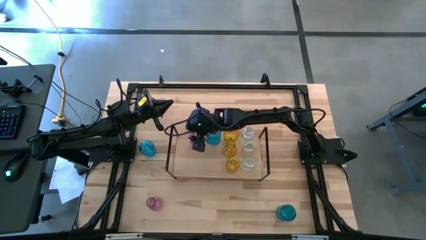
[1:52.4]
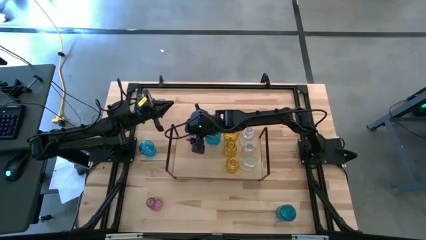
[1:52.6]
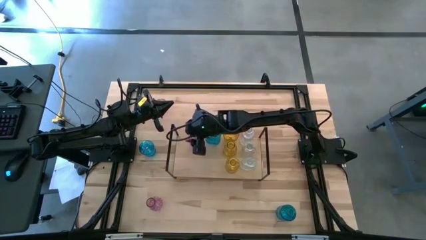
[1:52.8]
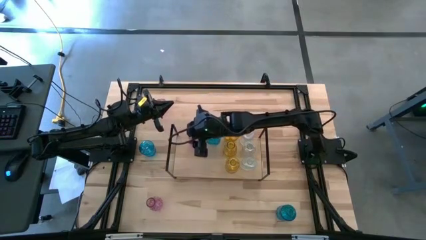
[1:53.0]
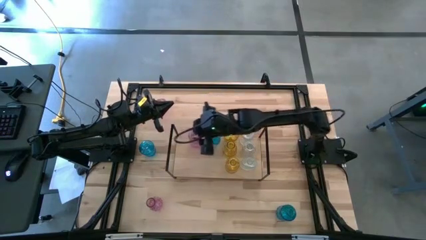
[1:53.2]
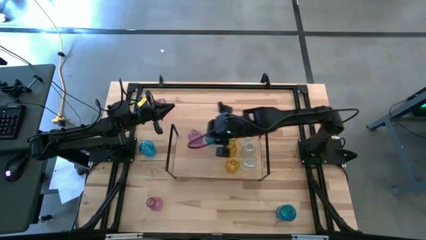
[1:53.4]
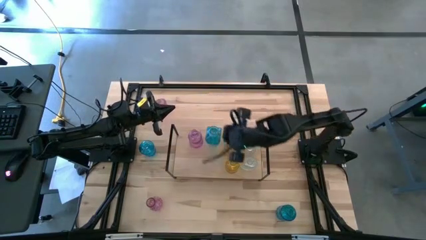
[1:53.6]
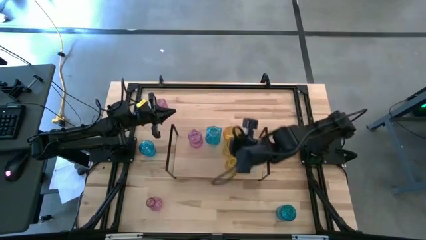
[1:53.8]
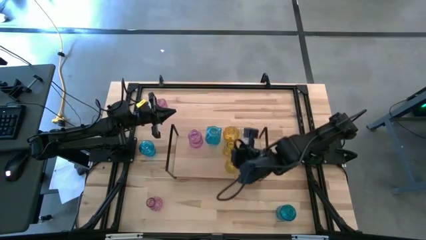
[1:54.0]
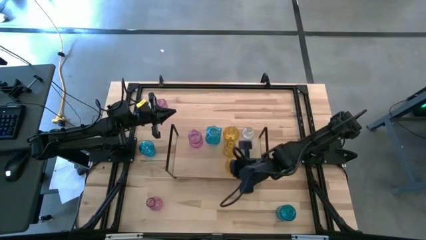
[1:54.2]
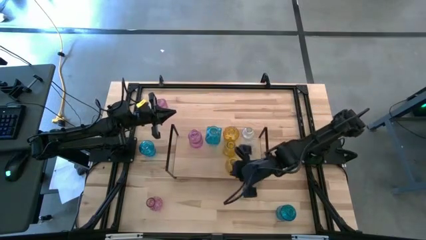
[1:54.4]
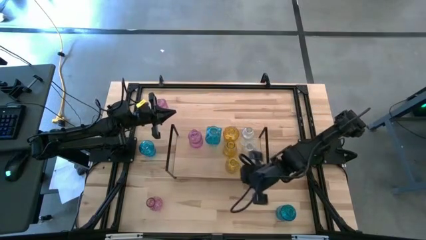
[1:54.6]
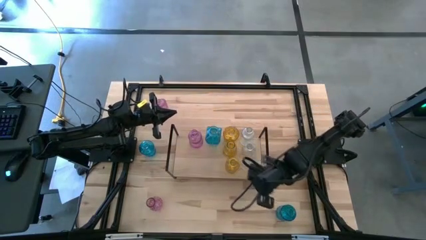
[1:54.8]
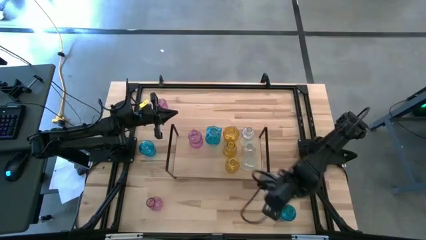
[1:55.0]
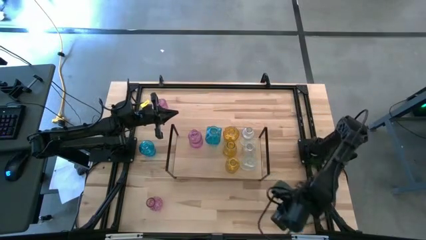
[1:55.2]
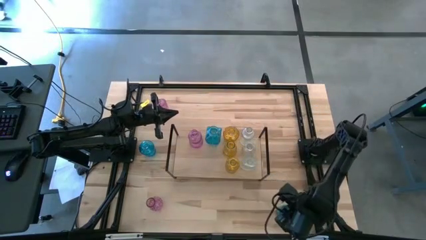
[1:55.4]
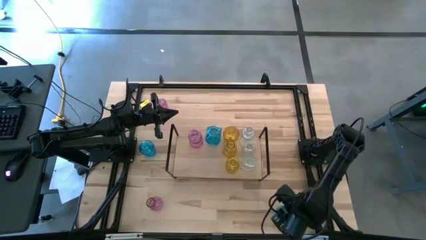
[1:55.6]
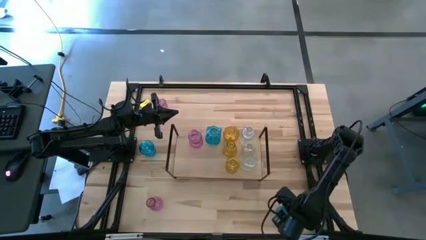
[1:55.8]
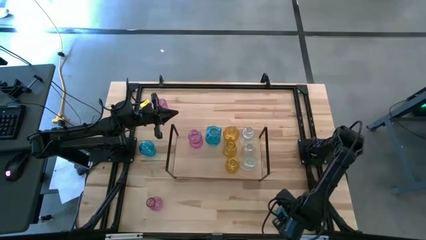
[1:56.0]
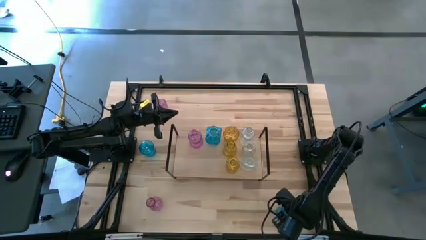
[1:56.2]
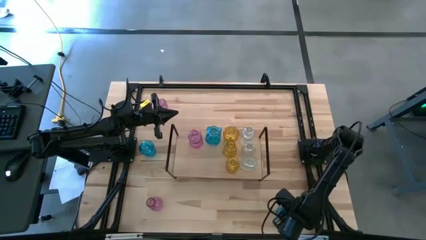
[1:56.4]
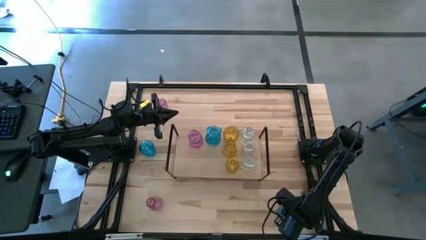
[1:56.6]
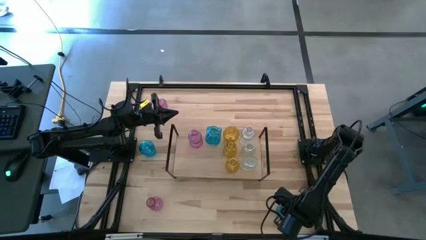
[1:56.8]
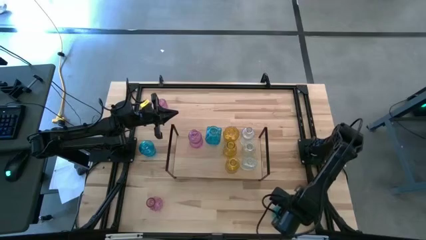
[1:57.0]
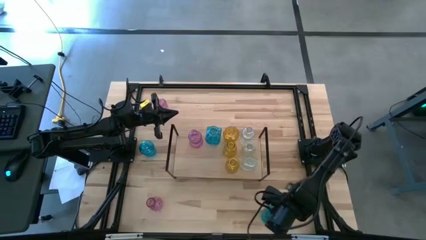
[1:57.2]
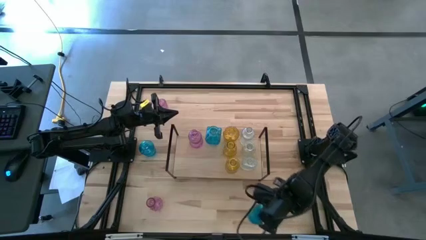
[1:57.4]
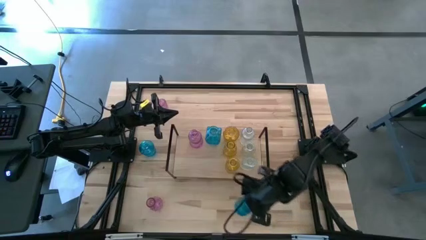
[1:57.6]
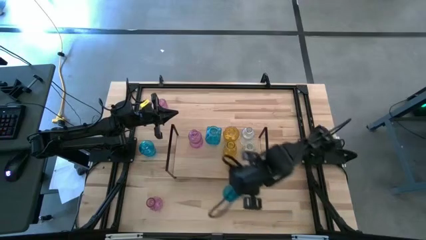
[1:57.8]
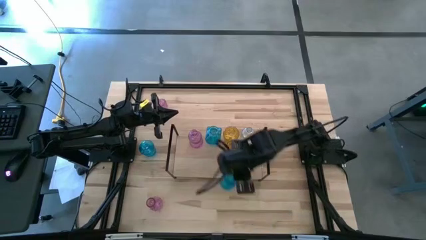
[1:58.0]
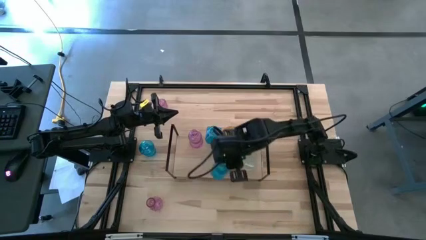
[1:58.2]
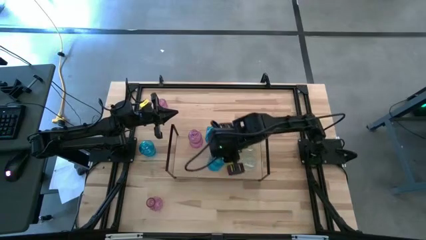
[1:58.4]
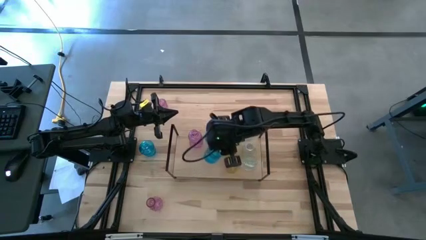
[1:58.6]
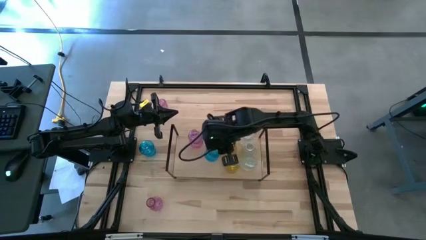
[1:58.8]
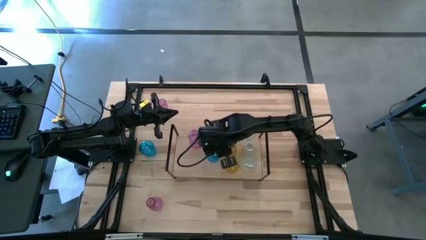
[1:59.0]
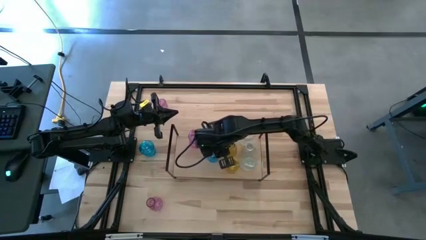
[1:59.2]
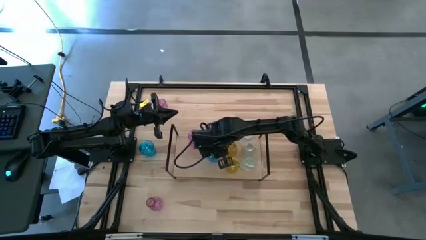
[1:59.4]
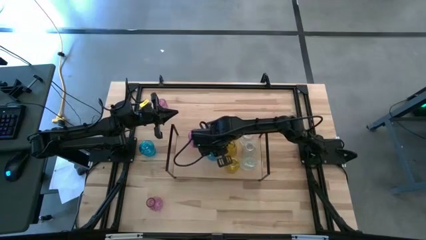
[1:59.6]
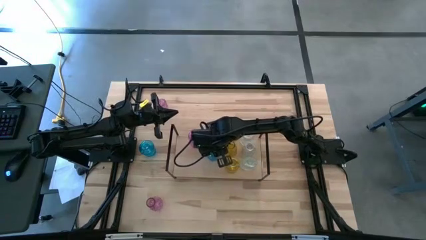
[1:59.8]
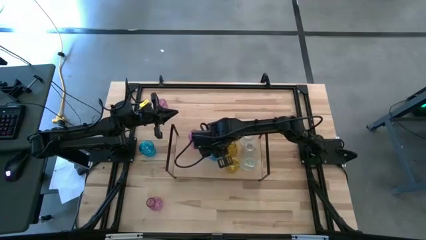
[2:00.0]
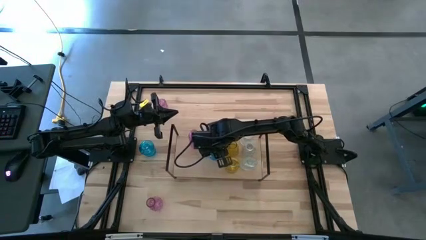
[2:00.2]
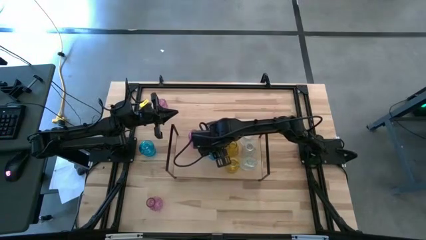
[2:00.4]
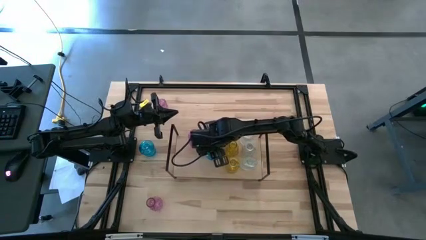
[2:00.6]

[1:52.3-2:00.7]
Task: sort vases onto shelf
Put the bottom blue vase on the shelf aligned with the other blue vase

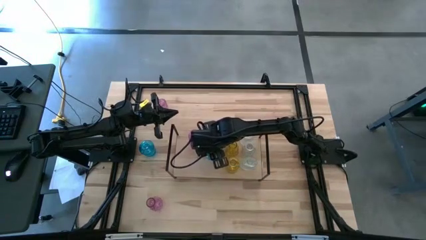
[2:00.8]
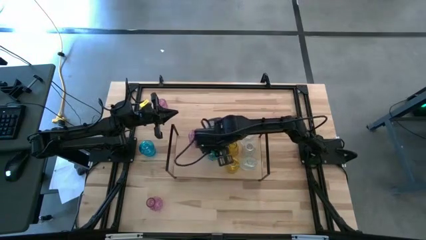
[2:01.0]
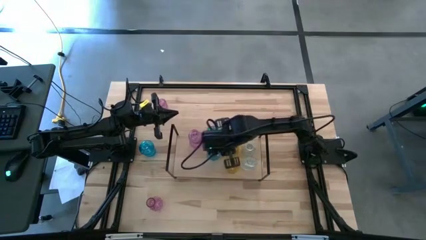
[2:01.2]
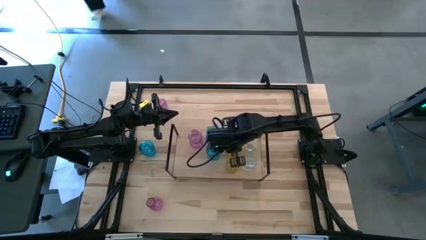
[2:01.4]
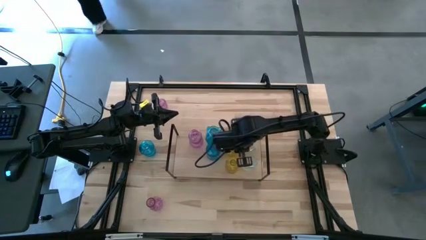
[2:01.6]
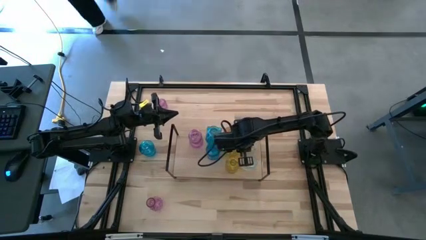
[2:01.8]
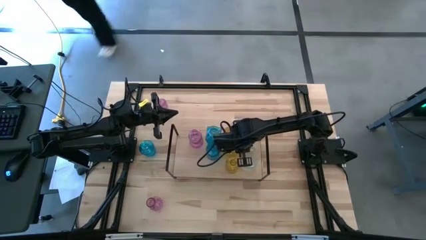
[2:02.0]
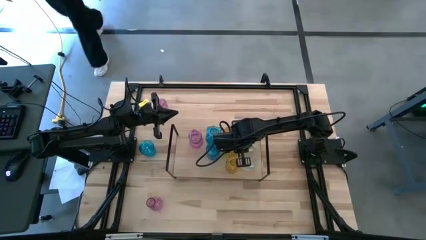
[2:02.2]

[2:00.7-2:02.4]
******************************
What is needed: The job is to set down the whole listing exactly, excluding any images.

Solution for this task:
[1:52.4]
[1:52.6]
[1:52.8]
[1:53.0]
[1:53.2]
[1:53.4]
[1:53.6]
[1:53.8]
[1:54.0]
[1:54.2]
[1:54.4]
[1:54.6]
[1:54.8]
[1:55.0]
[1:55.2]
[1:55.4]
[1:55.6]
[1:55.8]
[1:56.0]
[1:56.2]
[1:56.4]
[1:56.6]
[1:56.8]
[1:57.0]
[1:57.2]
[1:57.4]
[1:57.6]
[1:57.8]
[1:58.0]
[1:58.2]
[1:58.4]
[1:58.6]
[1:58.8]
[1:59.0]
[1:59.2]
[1:59.4]
[1:59.6]
[1:59.8]
[2:00.0]
[2:00.2]
[2:00.4]
[2:00.6]

[1:52.3-2:00.7]
Task: sort vases onto shelf
Put the bottom blue vase on the shelf aligned with the other blue vase

[2:00.8]
[2:01.0]
[2:01.2]
[2:01.4]
[2:01.6]
[2:01.8]
[2:02.0]
[2:02.2]

[2:00.7-2:02.4]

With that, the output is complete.